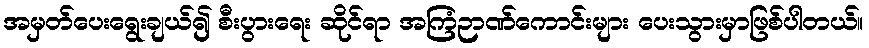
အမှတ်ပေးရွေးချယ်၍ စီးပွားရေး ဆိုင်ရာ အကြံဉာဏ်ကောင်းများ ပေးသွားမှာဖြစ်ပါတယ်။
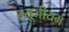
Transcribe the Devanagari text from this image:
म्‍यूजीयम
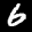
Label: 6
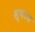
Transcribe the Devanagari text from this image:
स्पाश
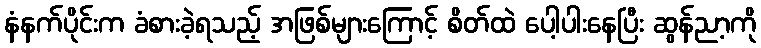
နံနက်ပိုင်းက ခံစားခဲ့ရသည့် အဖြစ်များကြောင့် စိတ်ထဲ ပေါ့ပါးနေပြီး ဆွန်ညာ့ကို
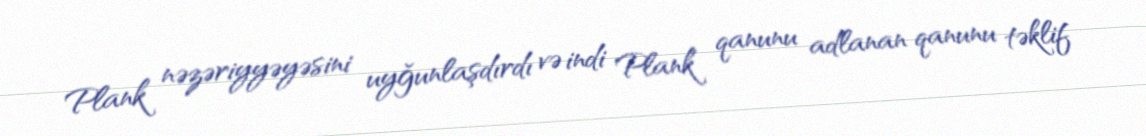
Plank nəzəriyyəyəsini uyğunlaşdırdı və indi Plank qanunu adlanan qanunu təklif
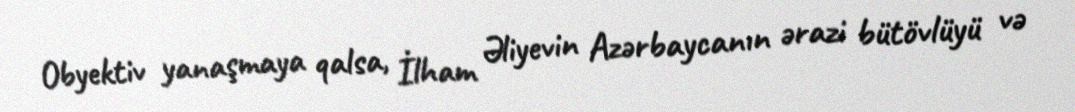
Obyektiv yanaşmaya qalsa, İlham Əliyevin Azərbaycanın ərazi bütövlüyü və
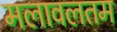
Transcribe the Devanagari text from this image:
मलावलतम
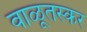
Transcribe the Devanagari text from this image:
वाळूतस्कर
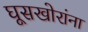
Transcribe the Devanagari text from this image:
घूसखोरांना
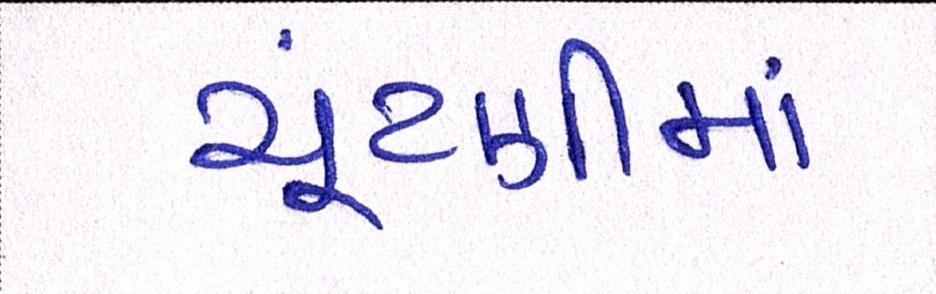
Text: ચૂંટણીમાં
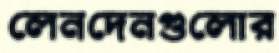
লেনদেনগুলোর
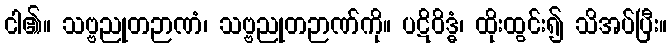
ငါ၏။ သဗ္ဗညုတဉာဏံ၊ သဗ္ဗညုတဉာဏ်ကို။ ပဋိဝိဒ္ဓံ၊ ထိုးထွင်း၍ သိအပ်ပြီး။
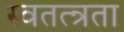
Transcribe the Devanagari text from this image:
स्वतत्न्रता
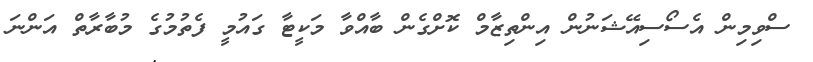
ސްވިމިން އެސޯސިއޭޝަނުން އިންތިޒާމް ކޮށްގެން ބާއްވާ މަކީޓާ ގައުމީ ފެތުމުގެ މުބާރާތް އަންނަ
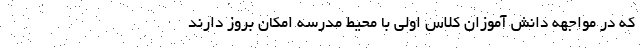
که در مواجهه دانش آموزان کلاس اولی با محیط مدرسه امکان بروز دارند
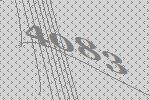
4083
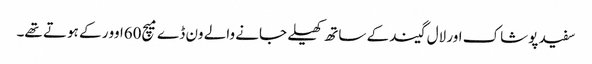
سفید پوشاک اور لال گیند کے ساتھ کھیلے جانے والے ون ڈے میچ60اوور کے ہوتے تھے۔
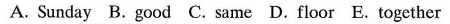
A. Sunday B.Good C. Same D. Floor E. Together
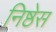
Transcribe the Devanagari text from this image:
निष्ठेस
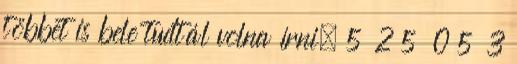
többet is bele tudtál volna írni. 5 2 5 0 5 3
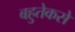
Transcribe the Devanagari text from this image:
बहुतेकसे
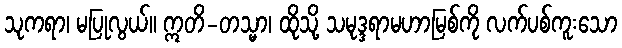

TASK ITEM:
Return nothing except the lines from the line with "Text: ચૂંટણીમાં" through the last line of the records above, copied exactly and without pictures.

RESPONSE TO THIS EXERCISE:
Text: ચૂંટણીમાં
লেনদেনগুলোর
ငါ၏။ သဗ္ဗညုတဉာဏံ၊ သဗ္ဗညုတဉာဏ်ကို။ ပဋိဝိဒ္ဓံ၊ ထိုးထွင်း၍ သိအပ်ပြီး။
Transcribe the Devanagari text from this image:
स्वतत्न्रता
ސްވިމިން އެސޯސިއޭޝަނުން އިންތިޒާމް ކޮށްގެން ބާއްވާ މަކީޓާ ގައުމީ ފެތުމުގެ މުބާރާތް އަންނަ
که در مواجهه دانش آموزان کلاس اولی با محیط مدرسه امکان بروز دارند
4083
سفید پوشاک اور لال گیند کے ساتھ کھیلے جانے والے ون ڈے میچ60اوور کے ہوتے تھے۔
A. Sunday B.Good C. Same D. Floor E. Together
Transcribe the Devanagari text from this image:
निष्ठेस
többet is bele tudtál volna írni. 5 2 5 0 5 3
Transcribe the Devanagari text from this image:
बहुतेकसे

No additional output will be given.